DATA EXTRACTS

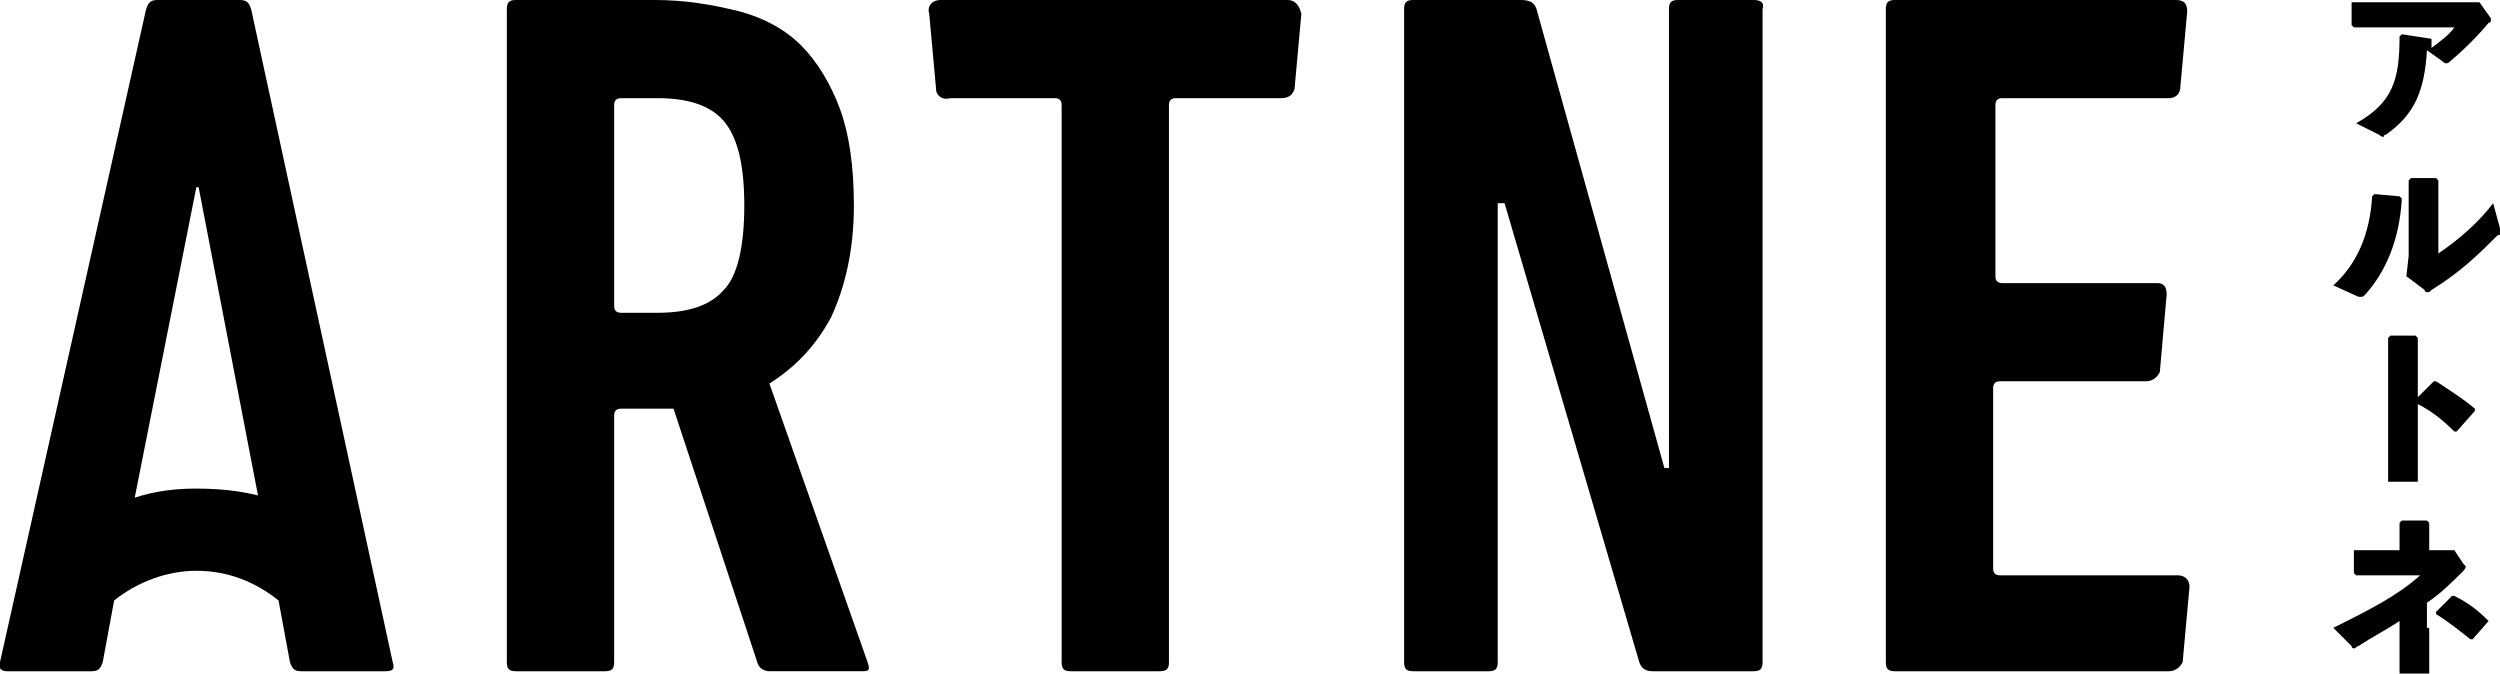 <?xml version="1.0" encoding="utf-8"?>
<!-- Generator: Adobe Illustrator 27.5.0, SVG Export Plug-In . SVG Version: 6.00 Build 0)  -->
<svg version="1.1" id="レイヤー_1" xmlns="http://www.w3.org/2000/svg" xmlns:xlink="http://www.w3.org/1999/xlink" x="0px"
	 y="0px" viewBox="0 0 109.5 29.5" style="enable-background:new 0 0 109.5 29.5;" xml:space="preserve">
<g>
	<g>
		<path d="M106.5,1.7c0,0.1,0,0.3,0,0.4c0.4-0.3,0.8-0.6,1-0.9h-3.1l-1.3,0L103,1.1v-1l0.1,0l1.3,0h3.4l0.8,0l0.5,0.7
			c0,0,0,0.1,0,0.1c0,0,0,0.1-0.1,0.1c-0.4,0.5-1.1,1.2-1.7,1.7c-0.1,0.1-0.2,0.1-0.3,0l-0.7-0.5c-0.1,1.7-0.5,2.8-1.8,3.7
			c-0.1,0-0.1,0.1-0.1,0.1c0,0-0.1,0-0.2-0.1l-1-0.5c1.6-0.9,1.9-1.9,1.9-3.8l0.1-0.1L106.5,1.7L106.5,1.7z"/>
		<path d="M102.2,12.5c1-0.9,1.6-2.2,1.7-3.9l0.1-0.1l1.1,0.1l0.1,0.1c-0.1,1.8-0.7,3.2-1.6,4.2c-0.1,0.1-0.1,0.1-0.2,0.1
			c0,0-0.1,0-0.1,0L102.2,12.5z M106.8,11.1c0.9-0.6,1.8-1.4,2.4-2.2l0.3,1.1c0,0.1,0,0.1,0,0.2c0,0.1,0,0.1-0.1,0.1
			c-0.8,0.8-1.6,1.6-2.9,2.4c-0.1,0.1-0.1,0.1-0.2,0.1c0,0-0.1,0-0.1-0.1l-0.8-0.6l0.1-0.9V7.9l0.1-0.1h1.1l0.1,0.1V11.1z"/>
		<path d="M105.9,18.1l0,3h-1.3l0-3v-3.3l0.1-0.1h1.1l0.1,0.1v2.6l0.7-0.7l0.1,0c0.6,0.4,1.1,0.7,1.7,1.2l0,0.1l-0.8,0.9l-0.1,0
			c-0.5-0.5-1-0.9-1.6-1.2V18.1z"/>
		<path d="M106.4,27.5l0,2h-1.3l0-1.9v-0.4c-0.6,0.4-1.2,0.7-1.8,1.1c-0.1,0-0.1,0.1-0.2,0.1c0,0-0.1,0-0.1-0.1l-0.8-0.8
			c1.6-0.8,2.8-1.4,3.8-2.3l-1.7,0l-1.1,0l-0.1-0.1v-1l0.1,0l1,0h0.9v-1.2l0.1-0.1h1.1l0.1,0.1v1.2h0.5l0.6,0l0.4,0.6
			c0,0,0.1,0.1,0.1,0.1c0,0,0,0.1-0.1,0.2c-0.5,0.5-1,1-1.6,1.4V27.5z M109,27.2l-0.7,0.8l-0.1,0c-0.5-0.4-1-0.8-1.5-1.1v-0.1
			l0.7-0.7l0.1,0C108.1,26.4,108.5,26.7,109,27.2L109,27.2z"/>
	</g>
	<g>
		<path d="M33.7,16.8c1.1-0.7,2-1.6,2.7-2.9c0.6-1.3,1-2.9,1-4.9c0-1.7-0.2-3.1-0.6-4.2c-0.4-1.1-1-2.1-1.7-2.8
			c-0.7-0.7-1.6-1.2-2.7-1.5C31.2,0.2,30,0,28.7,0h-6.1c-0.3,0-0.4,0.1-0.4,0.4V29c0,0.3,0.1,0.4,0.4,0.4h3.9c0.3,0,0.4-0.1,0.4-0.4
			V18.2c0-0.2,0.1-0.3,0.3-0.3h1.5h0.8l3.7,11.2c0.1,0.2,0.3,0.3,0.5,0.3h4.1c0.3,0,0.3-0.1,0.2-0.4L33.7,16.8z M31.7,12.7
			c-0.6,0.7-1.6,1-2.9,1h-1.6c-0.2,0-0.3-0.1-0.3-0.3V4.6c0-0.2,0.1-0.3,0.3-0.3h1.6c1.3,0,2.3,0.3,2.9,1C32.3,6,32.6,7.2,32.6,9
			C32.6,10.8,32.3,12.1,31.7,12.7z"/>
		<path d="M56.4,0H41.2c-0.4,0-0.6,0.3-0.5,0.6l0.3,3.3c0,0.3,0.3,0.5,0.6,0.4l4.6,0c0.2,0,0.3,0.1,0.3,0.3V29
			c0,0.3,0.1,0.4,0.4,0.4h3.9c0.3,0,0.4-0.1,0.4-0.4V4.6c0-0.2,0.1-0.3,0.3-0.3l4.6,0c0.3,0,0.5-0.1,0.6-0.4l0.3-3.3
			C56.9,0.2,56.7,0,56.4,0z"/>
		<path d="M76.8,0h-3.3c-0.3,0-0.4,0.1-0.4,0.4v20.1h-0.2L67.3,0.4C67.2,0.1,67,0,66.6,0h-4.7c-0.3,0-0.4,0.1-0.4,0.4V29
			c0,0.3,0.1,0.4,0.4,0.4h3.3c0.3,0,0.4-0.1,0.4-0.4V8.9h0.3L71.8,29c0.1,0.3,0.3,0.4,0.6,0.4h4.4c0.3,0,0.4-0.1,0.4-0.4V0.4
			C77.3,0.1,77.1,0,76.8,0z"/>
		<path d="M95.4,25.2h-7.8c-0.2,0-0.3-0.1-0.3-0.3V17c0-0.2,0.1-0.3,0.3-0.3h6.4c0.3,0,0.5-0.2,0.6-0.4l0.3-3.4
			c0-0.3-0.1-0.5-0.4-0.5h-6.8c-0.2,0-0.3-0.1-0.3-0.3V4.6c0-0.2,0.1-0.3,0.3-0.3H95c0.3,0,0.5-0.2,0.5-0.5l0.3-3.3
			c0-0.4-0.2-0.5-0.5-0.5H83c-0.3,0-0.4,0.1-0.4,0.4V29c0,0.3,0.1,0.4,0.4,0.4h12c0.3,0,0.5-0.2,0.6-0.4l0.3-3.3
			C95.9,25.4,95.7,25.2,95.4,25.2z"/>
		<path d="M11,0.4C10.9,0.1,10.8,0,10.5,0H6.9C6.6,0,6.5,0.1,6.4,0.4L0,29c-0.1,0.3,0.1,0.4,0.3,0.4H4c0.3,0,0.4-0.1,0.5-0.4
			l0.5-2.7C6,25.5,7.3,25,8.6,25c1.4,0,2.6,0.5,3.6,1.3l0.5,2.7c0.1,0.3,0.2,0.4,0.5,0.4h3.7c0.3,0,0.4-0.1,0.3-0.4L11,0.4z
			 M8.6,21.4c-0.9,0-1.8,0.1-2.7,0.4L8.6,8.2h0.1l2.6,13.5C10.5,21.5,9.6,21.4,8.6,21.4z"/>
	</g>
</g>
</svg>

WHAT YOU SHOULD DO
A verbatim copy of all the records, minus the pictures, is the expected answer.

WRITTEN SOLUTION
 <?xml version="1.0" encoding="utf-8"?>
<!-- Generator: Adobe Illustrator 27.5.0, SVG Export Plug-In . SVG Version: 6.00 Build 0)  -->
<svg version="1.1" id="レイヤー_1" xmlns="http://www.w3.org/2000/svg" xmlns:xlink="http://www.w3.org/1999/xlink" x="0px"
	 y="0px" viewBox="0 0 109.5 29.5" style="enable-background:new 0 0 109.5 29.5;" xml:space="preserve">
<g>
	<g>
		<path d="M106.5,1.7c0,0.1,0,0.3,0,0.4c0.4-0.3,0.8-0.6,1-0.9h-3.1l-1.3,0L103,1.1v-1l0.1,0l1.3,0h3.4l0.8,0l0.5,0.7
			c0,0,0,0.1,0,0.1c0,0,0,0.1-0.1,0.1c-0.4,0.5-1.1,1.2-1.7,1.7c-0.1,0.1-0.2,0.1-0.3,0l-0.7-0.5c-0.1,1.7-0.5,2.8-1.8,3.7
			c-0.1,0-0.1,0.1-0.1,0.1c0,0-0.1,0-0.2-0.1l-1-0.5c1.6-0.9,1.9-1.9,1.9-3.8l0.1-0.1L106.5,1.7L106.5,1.7z"/>
		<path d="M102.2,12.5c1-0.9,1.6-2.2,1.7-3.9l0.1-0.1l1.1,0.1l0.1,0.1c-0.1,1.8-0.7,3.2-1.6,4.2c-0.1,0.1-0.1,0.1-0.2,0.1
			c0,0-0.1,0-0.1,0L102.2,12.5z M106.8,11.1c0.9-0.6,1.8-1.4,2.4-2.2l0.3,1.1c0,0.1,0,0.1,0,0.2c0,0.1,0,0.1-0.1,0.1
			c-0.8,0.8-1.6,1.6-2.9,2.4c-0.1,0.1-0.1,0.1-0.2,0.1c0,0-0.1,0-0.1-0.1l-0.8-0.6l0.1-0.9V7.9l0.1-0.1h1.1l0.1,0.1V11.1z"/>
		<path d="M105.9,18.1l0,3h-1.3l0-3v-3.3l0.1-0.1h1.1l0.1,0.1v2.6l0.7-0.7l0.1,0c0.6,0.4,1.1,0.7,1.7,1.2l0,0.1l-0.8,0.9l-0.1,0
			c-0.5-0.5-1-0.9-1.6-1.2V18.1z"/>
		<path d="M106.4,27.5l0,2h-1.3l0-1.9v-0.4c-0.6,0.4-1.2,0.7-1.8,1.1c-0.1,0-0.1,0.1-0.2,0.1c0,0-0.1,0-0.1-0.1l-0.8-0.8
			c1.6-0.8,2.8-1.4,3.8-2.3l-1.7,0l-1.1,0l-0.1-0.1v-1l0.1,0l1,0h0.9v-1.2l0.1-0.1h1.1l0.1,0.1v1.2h0.5l0.6,0l0.4,0.6
			c0,0,0.1,0.1,0.1,0.1c0,0,0,0.1-0.1,0.2c-0.5,0.5-1,1-1.6,1.4V27.5z M109,27.2l-0.7,0.8l-0.1,0c-0.5-0.4-1-0.8-1.5-1.1v-0.1
			l0.7-0.7l0.1,0C108.1,26.4,108.5,26.7,109,27.2L109,27.2z"/>
	</g>
	<g>
		<path d="M33.7,16.8c1.1-0.7,2-1.6,2.7-2.9c0.6-1.3,1-2.9,1-4.9c0-1.7-0.2-3.1-0.6-4.2c-0.4-1.1-1-2.1-1.7-2.8
			c-0.7-0.7-1.6-1.2-2.7-1.5C31.2,0.2,30,0,28.7,0h-6.1c-0.3,0-0.4,0.1-0.4,0.4V29c0,0.3,0.1,0.4,0.4,0.4h3.9c0.3,0,0.4-0.1,0.4-0.4
			V18.2c0-0.2,0.1-0.3,0.3-0.3h1.5h0.8l3.7,11.2c0.1,0.2,0.3,0.3,0.5,0.3h4.1c0.3,0,0.3-0.1,0.2-0.4L33.7,16.8z M31.7,12.7
			c-0.6,0.7-1.6,1-2.9,1h-1.6c-0.2,0-0.3-0.1-0.3-0.3V4.6c0-0.2,0.1-0.3,0.3-0.3h1.6c1.3,0,2.3,0.3,2.9,1C32.3,6,32.6,7.2,32.6,9
			C32.6,10.8,32.3,12.1,31.7,12.7z"/>
		<path d="M56.4,0H41.2c-0.4,0-0.6,0.3-0.5,0.6l0.3,3.3c0,0.3,0.3,0.5,0.6,0.4l4.6,0c0.2,0,0.3,0.1,0.3,0.3V29
			c0,0.3,0.1,0.4,0.4,0.4h3.9c0.3,0,0.4-0.1,0.4-0.4V4.6c0-0.2,0.1-0.3,0.3-0.3l4.6,0c0.3,0,0.5-0.1,0.6-0.4l0.3-3.3
			C56.9,0.2,56.7,0,56.4,0z"/>
		<path d="M76.8,0h-3.3c-0.3,0-0.4,0.1-0.4,0.4v20.1h-0.2L67.3,0.4C67.2,0.1,67,0,66.6,0h-4.7c-0.3,0-0.4,0.1-0.4,0.4V29
			c0,0.3,0.1,0.4,0.4,0.4h3.3c0.3,0,0.4-0.1,0.4-0.4V8.9h0.3L71.8,29c0.1,0.3,0.3,0.4,0.6,0.4h4.4c0.3,0,0.4-0.1,0.4-0.4V0.4
			C77.3,0.1,77.1,0,76.8,0z"/>
		<path d="M95.4,25.2h-7.8c-0.2,0-0.3-0.1-0.3-0.3V17c0-0.2,0.1-0.3,0.3-0.3h6.4c0.3,0,0.5-0.2,0.6-0.4l0.3-3.4
			c0-0.3-0.1-0.5-0.4-0.5h-6.8c-0.2,0-0.3-0.1-0.3-0.3V4.6c0-0.2,0.1-0.3,0.3-0.3H95c0.3,0,0.5-0.2,0.5-0.5l0.3-3.3
			c0-0.4-0.2-0.5-0.5-0.5H83c-0.3,0-0.4,0.1-0.4,0.4V29c0,0.3,0.1,0.4,0.4,0.4h12c0.3,0,0.5-0.2,0.6-0.4l0.3-3.3
			C95.9,25.4,95.7,25.2,95.4,25.2z"/>
		<path d="M11,0.4C10.9,0.1,10.8,0,10.5,0H6.9C6.6,0,6.5,0.1,6.4,0.4L0,29c-0.1,0.3,0.1,0.4,0.3,0.4H4c0.3,0,0.4-0.1,0.5-0.4
			l0.5-2.7C6,25.5,7.3,25,8.6,25c1.4,0,2.6,0.5,3.6,1.3l0.5,2.7c0.1,0.3,0.2,0.4,0.5,0.4h3.7c0.3,0,0.4-0.1,0.3-0.4L11,0.4z
			 M8.6,21.4c-0.9,0-1.8,0.1-2.7,0.4L8.6,8.2h0.1l2.6,13.5C10.5,21.5,9.6,21.4,8.6,21.4z"/>
	</g>
</g>
</svg>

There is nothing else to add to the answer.